I have found wonkiness when you aren’t escaping escapes such as \S Here is an example one I had to play with escapes to get to work properly (with formatting goodness to make it easier to read) Also of note… there are commented out debug() statements. If you include those, the results show in your Graylog server log (tail -f /var/log/graylog-server/server.log)

rule "PA-Firewall - ex2 - event_description"
when
    has_field("logtype")                            &&
    to_string($message.logtype) == "GLOBALPROTECT"  &&
    has_field("event_description")      
then
    let message     = to_string($message.event_description);

    let desc_parts   = regex(pattern: "^(?:\\w+\\s+){2}(.*)\\.\\s+(.+)", value: message);
    set_field("event_action", to_string(desc_parts["0"]));
    let desc_lowered    = replace(lowercase(to_string(desc_parts["1"]))," , ", ", ");    //might have extranious comma's
    let desc_cleaned    = regex_replace("\\b\\s+", desc_lowered , "_");                 //replace unwonted spaces 
    let keyed_up    = key_value(desc_cleaned,
                                ",",
                                ":",
                                true,
                                true,
                                "take_last",
                                " ",
                                " "
                    );

    //debug("$$$$---Event to be :");
    //debug(to_string(keyed_up));

    set_fields(keyed_up);

    set_field(field: "ra_tag", value: "globalprotect");
    route_to_stream(name: "Remote Access Global");
end

Thanks for that swift response.

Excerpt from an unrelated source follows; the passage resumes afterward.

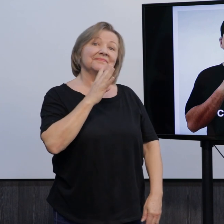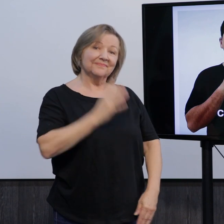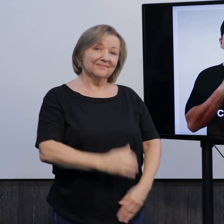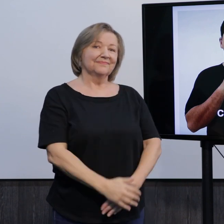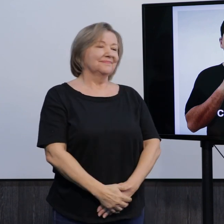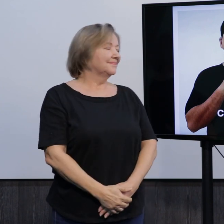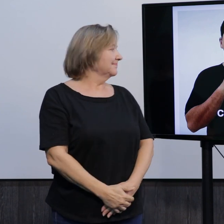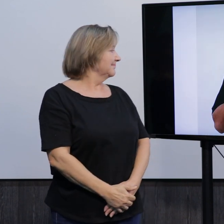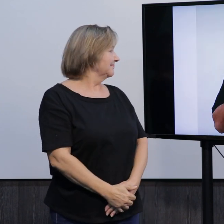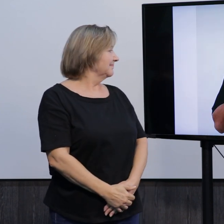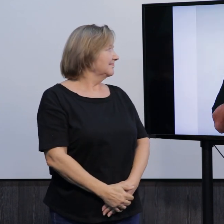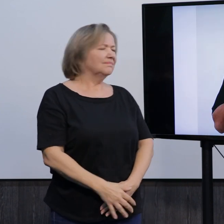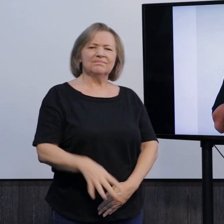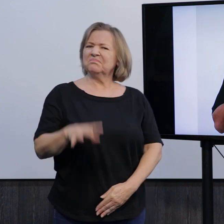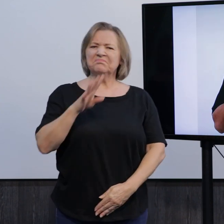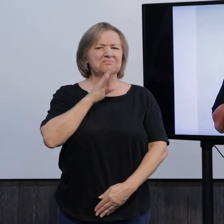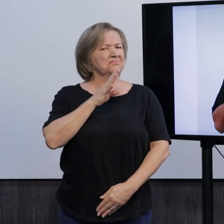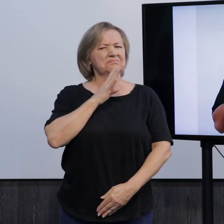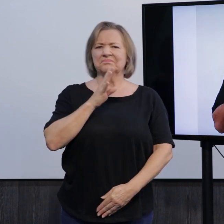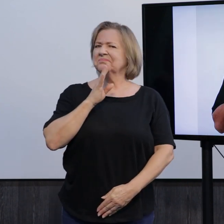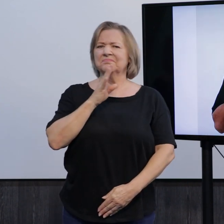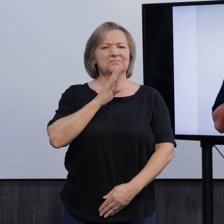Conhecer, não conhecer,

I’ve escaped the codes, but the escaping gets lost in this forum…

let sar = regex(".* <= (\\S{1,}@\\S{2,}\\.\\S{2,})", to_string($message.message));

In the mean time I’ve also found some errors in the Indexer log:

ElasticsearchException[Elasticsearch exception [type=mapper_parsing_exception, reason=object mapping for [eximsg_sender] tried to parse field [eximsg_sender] as object, but found a concrete value]]

So there’s likely a difference between handling this with a raw input string in de simulation and the syslog line that is coming in.

Any idea’s on how I can write handling for different types of variables? Is there a way to do if/then within the ‘when’ part?

Thanks,
F.

Replying to self here.

I’ve had a brainwave that the error message:

ElasticsearchException[Elasticsearch exception [type=mapper_parsing_exception, reason=object mapping for [eximsg_sender] tried to parse field [eximsg_sender] as object, but found a concrete value]]

might mean the field has now been associated with the wrong type (an object) the first time it ran, but it should have been a string.

Confirmed by simply changing the target variable name, and yes, now it just seems to work.

Now to find a way to actually fix that… Your thoughts are welcome.

F.

You can rotate the index and it will take the new type as long as the new type for that field is the first thing that gets inserted into the new index… You can create a custom index map to make sure.

If you want to correct old indexes - I made a post a while back about it here

Note that my post was doing it in an older version of elastic (6.8 I think) so take that into account.

Thanks, great writeup on correcting the old indexes. In my case just cycling to a new index and ditching the old one was acceptable, the setup is not in production anyway, but it’s good to learn there are some options if need be. Looks like a hell of a job though :slight_smile:

This topic was automatically closed 14 days after the last reply. New replies are no longer allowed.